---------- Dataset extract ----------

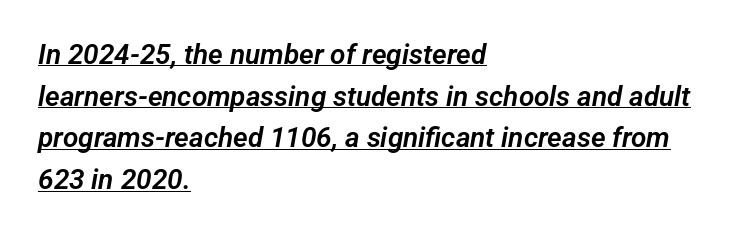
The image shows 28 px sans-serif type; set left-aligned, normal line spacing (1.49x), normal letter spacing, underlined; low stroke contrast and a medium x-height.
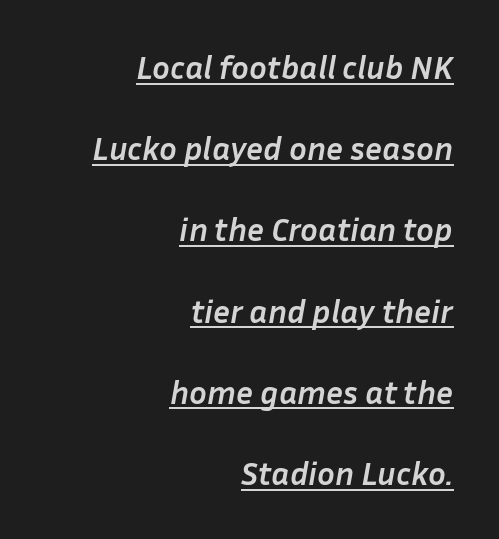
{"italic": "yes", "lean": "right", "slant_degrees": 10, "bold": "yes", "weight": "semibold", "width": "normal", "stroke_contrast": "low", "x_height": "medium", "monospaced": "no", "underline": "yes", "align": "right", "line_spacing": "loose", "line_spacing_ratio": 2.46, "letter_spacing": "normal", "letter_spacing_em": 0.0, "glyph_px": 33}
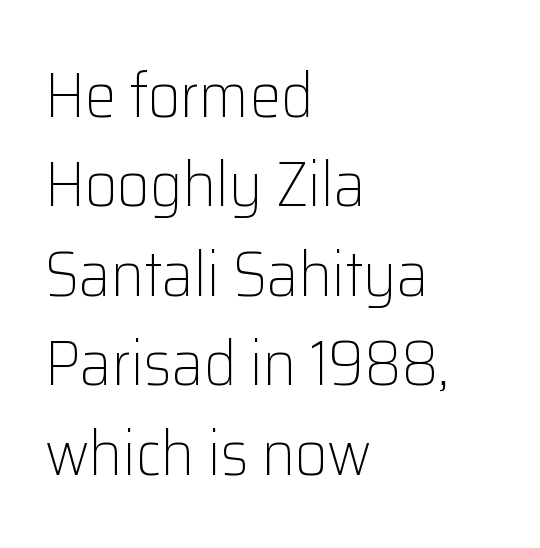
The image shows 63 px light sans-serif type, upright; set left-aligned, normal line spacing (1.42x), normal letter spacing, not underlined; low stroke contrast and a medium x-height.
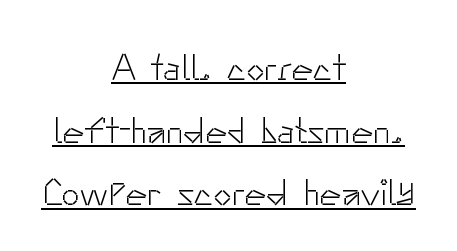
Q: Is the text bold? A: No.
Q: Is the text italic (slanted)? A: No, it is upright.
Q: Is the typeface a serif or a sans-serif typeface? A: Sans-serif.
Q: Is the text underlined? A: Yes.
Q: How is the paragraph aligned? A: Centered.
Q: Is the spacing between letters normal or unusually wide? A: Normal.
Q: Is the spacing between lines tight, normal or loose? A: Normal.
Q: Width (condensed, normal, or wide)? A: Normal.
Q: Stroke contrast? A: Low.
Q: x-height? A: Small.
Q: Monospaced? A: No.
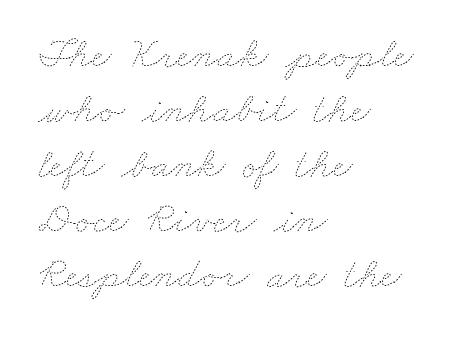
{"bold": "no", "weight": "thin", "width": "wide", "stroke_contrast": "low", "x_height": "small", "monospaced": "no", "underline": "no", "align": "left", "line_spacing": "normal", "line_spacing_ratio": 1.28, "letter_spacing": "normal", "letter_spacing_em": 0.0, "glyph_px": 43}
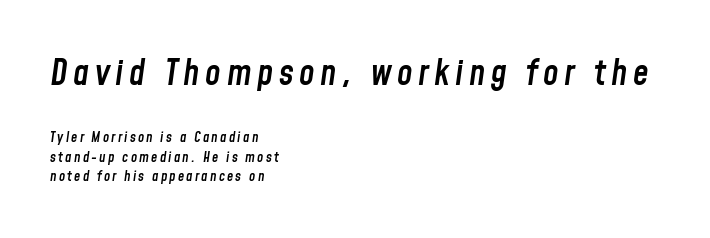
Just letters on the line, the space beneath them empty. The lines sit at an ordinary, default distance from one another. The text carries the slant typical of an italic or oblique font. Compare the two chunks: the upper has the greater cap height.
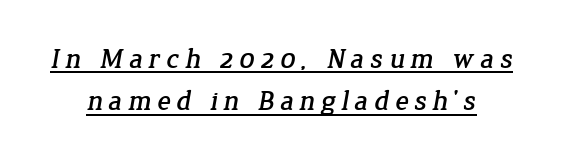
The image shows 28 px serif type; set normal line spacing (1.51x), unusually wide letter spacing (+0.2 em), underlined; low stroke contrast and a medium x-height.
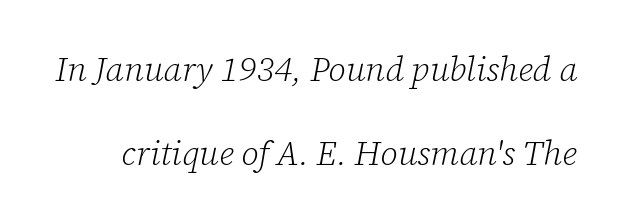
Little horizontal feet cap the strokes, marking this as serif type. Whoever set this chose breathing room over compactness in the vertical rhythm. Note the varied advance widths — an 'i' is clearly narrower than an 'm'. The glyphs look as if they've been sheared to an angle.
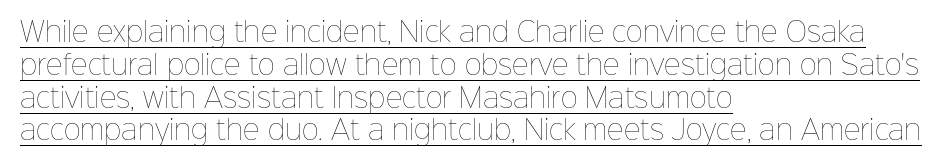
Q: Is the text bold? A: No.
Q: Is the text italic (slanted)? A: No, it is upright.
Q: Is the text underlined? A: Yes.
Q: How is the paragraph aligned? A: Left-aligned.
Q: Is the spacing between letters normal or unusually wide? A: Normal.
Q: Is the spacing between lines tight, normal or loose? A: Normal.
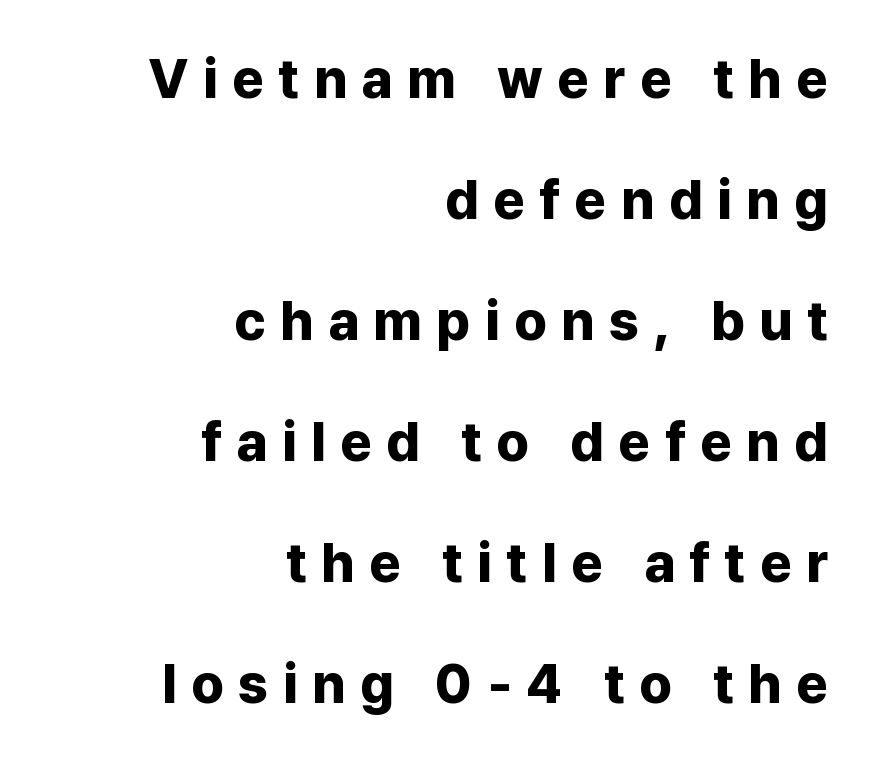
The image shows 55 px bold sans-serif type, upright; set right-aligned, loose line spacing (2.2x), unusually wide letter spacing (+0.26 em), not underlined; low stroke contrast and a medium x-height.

----------

-- What the task requires --
All lines above containing the string "paragraph": copy each one.

-- Solution for this exercise --
Q: How is the paragraph aligned? A: Centered.
Q: How is the paragraph aligned? A: Left-aligned.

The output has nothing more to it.